Reputation: 2478
I am trying to perform data augmentation using TensorFlow 2.2.0 and Python 3.7 for LeNet-300-100 Dense neural network for MNIST dataset. The code I have is as follows:
batch_size = 60
num_classes = 10
num_epochs = 100
# Data preprocessing and cleadning:
# input image dimensions
img_rows, img_cols = 28, 28
# Load MNIST dataset-
(X_train, y_train), (X_test, y_test) = tf.keras.datasets.mnist.load_data()
if tf.keras.backend.image_data_format() == 'channels_first':
X_train = X_train.reshape(X_train.shape[0], 1, img_rows, img_cols)
X_test = X_test.reshape(X_test.shape[0], 1, img_rows, img_cols)
input_shape = (1, img_rows, img_cols)
else:
X_train = X_train.reshape(X_train.shape[0], img_rows, img_cols, 1)
X_test = X_test.reshape(X_test.shape[0], img_rows, img_cols, 1)
input_shape = (img_rows, img_cols, 1)
print("\n'input_shape' which will be used = {0}\n".format(input_shape))
# 'input_shape' which will be used = (28, 28, 1)
# Convert datasets to floating point types-
X_train = X_train.astype('float32')
X_test = X_test.astype('float32')
# Normalize the training and testing datasets-
X_train /= 255.0
X_test /= 255.0
# convert class vectors/target to binary class matrices or one-hot encoded values-
y_train = tf.keras.utils.to_categorical(y_train, num_classes)
y_test = tf.keras.utils.to_categorical(y_test, num_classes)
X_train.shape, y_train.shape
# ((60000, 28, 28, 1), (60000, 10))
X_test.shape, y_test.shape
# ((10000, 28, 28, 1), (10000, 10))
# Example of using 'tf.keras.preprocessing.image.ImageDataGenerator class's - flow(x, y)':
datagen = ImageDataGenerator(
# featurewise_center=True,
# featurewise_std_normalization=True,
rotation_range = 20,
width_shift_range = 0.2,
height_shift_range = 0.2,
horizontal_flip = True
)
Now, when I see the number of batches produced by 'datagen.flow()' with the code:
# Sanity check-
i = 0
for x, y in datagen.flow(X_train, y_train, batch_size = batch_size, shuffle = True):
# print("\ntype(x) = {0}, type(y) = {1}".format(type(x), type(y)))

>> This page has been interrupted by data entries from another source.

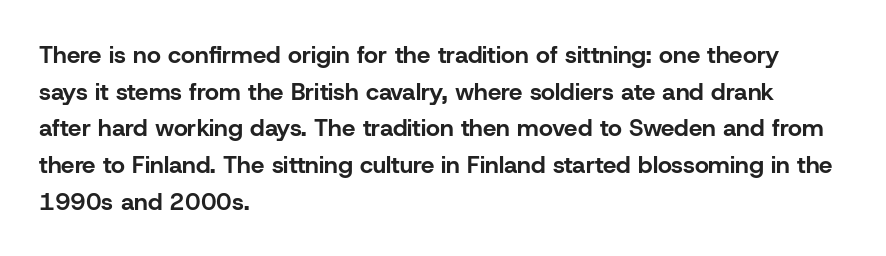
Q: Is the text bold? A: Yes.
Q: Is the text italic (slanted)? A: No, it is upright.
Q: Is the text underlined? A: No.
Q: How is the paragraph aligned? A: Left-aligned.
Q: Is the spacing between letters normal or unusually wide? A: Normal.
Q: Is the spacing between lines tight, normal or loose? A: Normal.
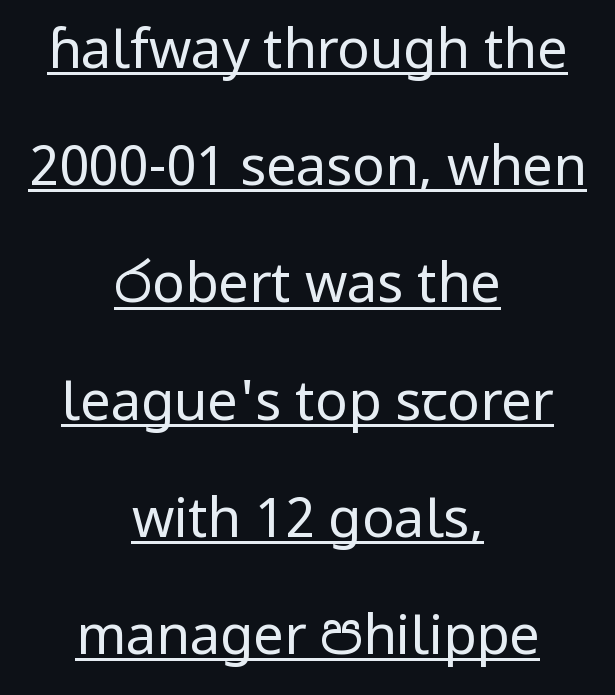
Characters follow at the spacing the type designer built in. What's the leading like? Stretched, with rows far apart. Where is the straight margin? There isn't one; the lines are centered. This is not heavy type; no bold has been used. Serifs: no, the terminals of the letterforms are clean. These lines are rendered in a variable-pitch font.
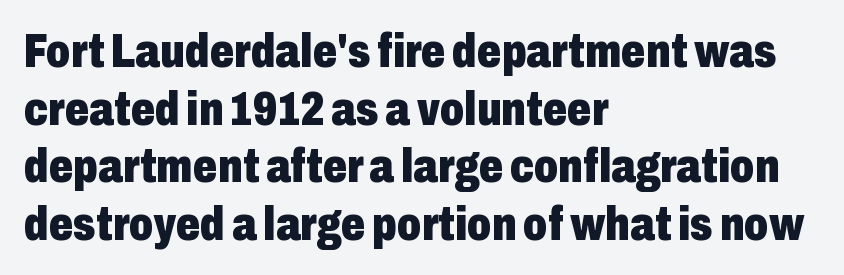
The image shows 48 px heavy, condensed sans-serif type, upright; set left-aligned, line spacing 1.2x, normal letter spacing, not underlined; low stroke contrast and a medium x-height.
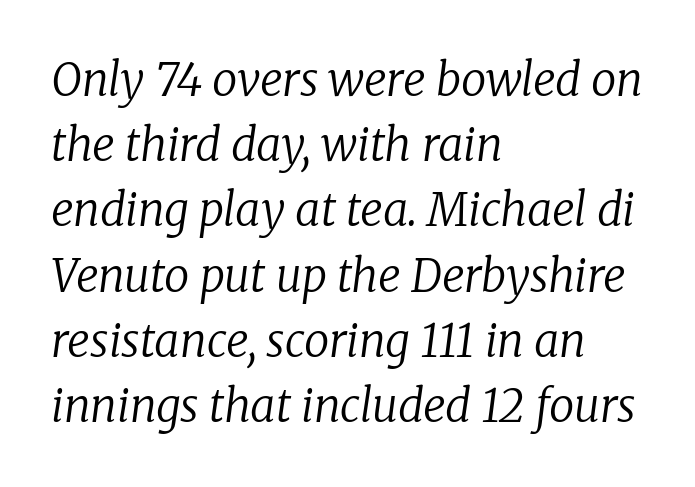
The image shows 45 px regular-weight serif type, italic (leaning right); set left-aligned, normal line spacing (1.45x), normal letter spacing, not underlined; low stroke contrast and a medium x-height.
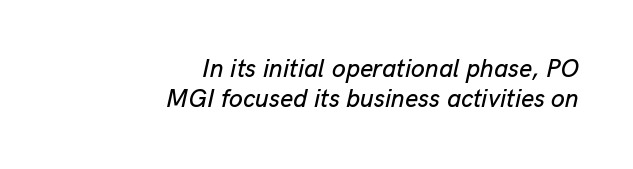
{"italic": "yes", "lean": "right", "slant_degrees": 13, "underline": "no", "align": "right", "line_spacing_ratio": 1.2, "letter_spacing": "normal", "letter_spacing_em": 0.0, "glyph_px": 25}
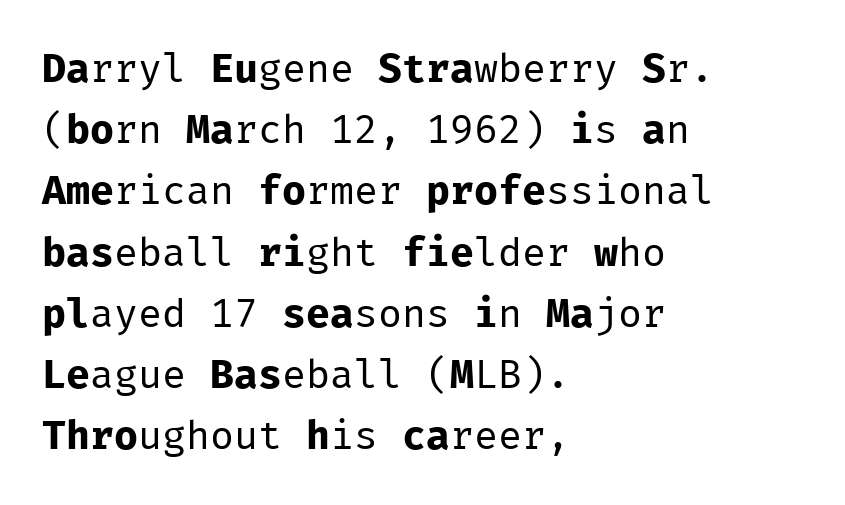
The image shows 40 px regular-weight sans-serif type, upright, monospaced; set left-aligned, normal line spacing (1.53x), normal letter spacing, not underlined; low stroke contrast and a medium x-height.
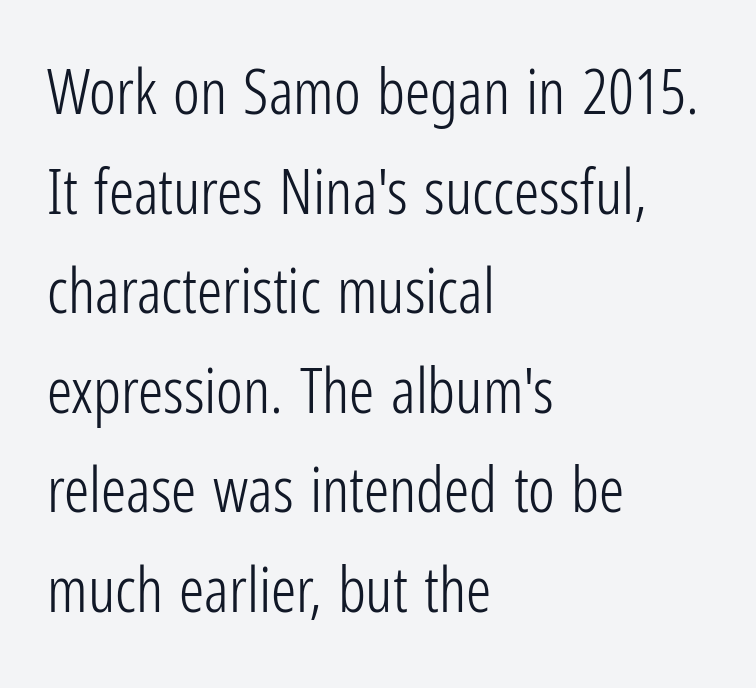
The image shows 63 px light, condensed sans-serif type, upright; set left-aligned, normal line spacing (1.58x), normal letter spacing, not underlined; low stroke contrast and a medium x-height.
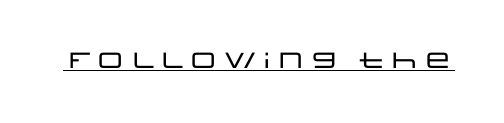
Q: Is the text italic (slanted)? A: No, it is upright.
Q: Is the text underlined? A: Yes.
Q: Is the spacing between letters normal or unusually wide? A: Normal.
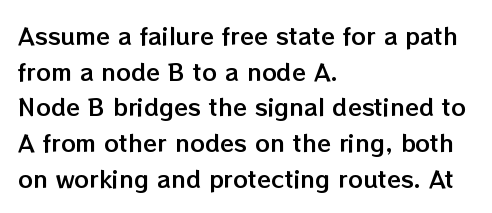
The image shows 23 px text type, upright; set left-aligned, normal line spacing (1.55x), normal letter spacing, not underlined.
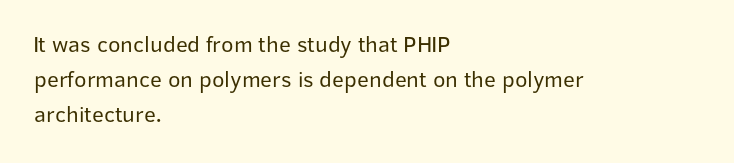
{"italic": "no", "bold": "no", "underline": "no", "align": "left", "line_spacing": "normal", "line_spacing_ratio": 1.53, "letter_spacing": "normal", "letter_spacing_em": 0.0, "glyph_px": 23}
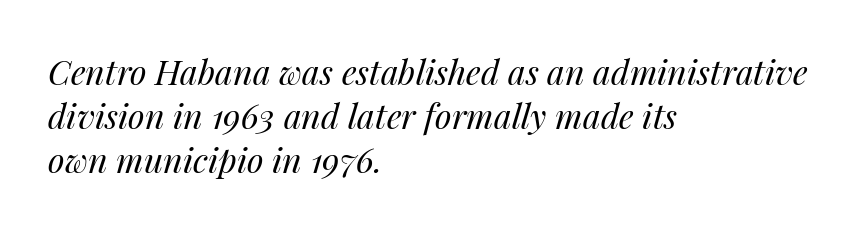
{"italic": "yes", "lean": "right", "slant_degrees": 14, "bold": "no", "weight": "regular", "width": "normal", "stroke_contrast": "medium", "x_height": "medium", "monospaced": "no", "underline": "no", "align": "left", "line_spacing": "normal", "line_spacing_ratio": 1.3, "letter_spacing": "normal", "letter_spacing_em": 0.0, "glyph_px": 34}
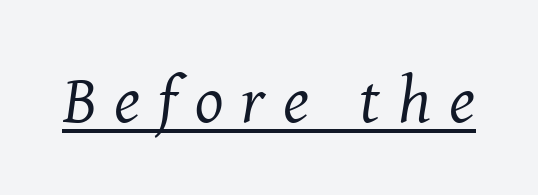
Each letter keeps its own natural width here, so spacing adapts to shape. Ink coverage per letter is moderate at most. Looks like someone drew a line under every word here. The tracking reads as deliberately expanded to a designer's eye.

# print("x.shape = {0}, y.shape = {1}\n".format(x.shape, y.shape))
print(i, end = ', ')
i += 1
The value of i keeps increasing without terminating. Of course something is going wrong. According to what I know, the number of batches = number of training examples / batch size. Therefore, in this example, the number of batches = 60000 / 60 = 1000.
Then why is it producing so many batches of augmented data? And how can I stop it? What's going wrong?
Thanks!
Upvotes: 0
Views: 784
Reputation: 41
In default, ImageDataGenerator generates images infinitely. you can break inside the for loop like referenced here: How to find how many Image Generated By ImageDataGenerator
Or, you can specify steps_per_epoch parameter to fit() function while learning.
But, tensorflow>=2.0 is not support multiprocessing so ImageDataGenerator might be bottleneck of learning.
Upvotes: 1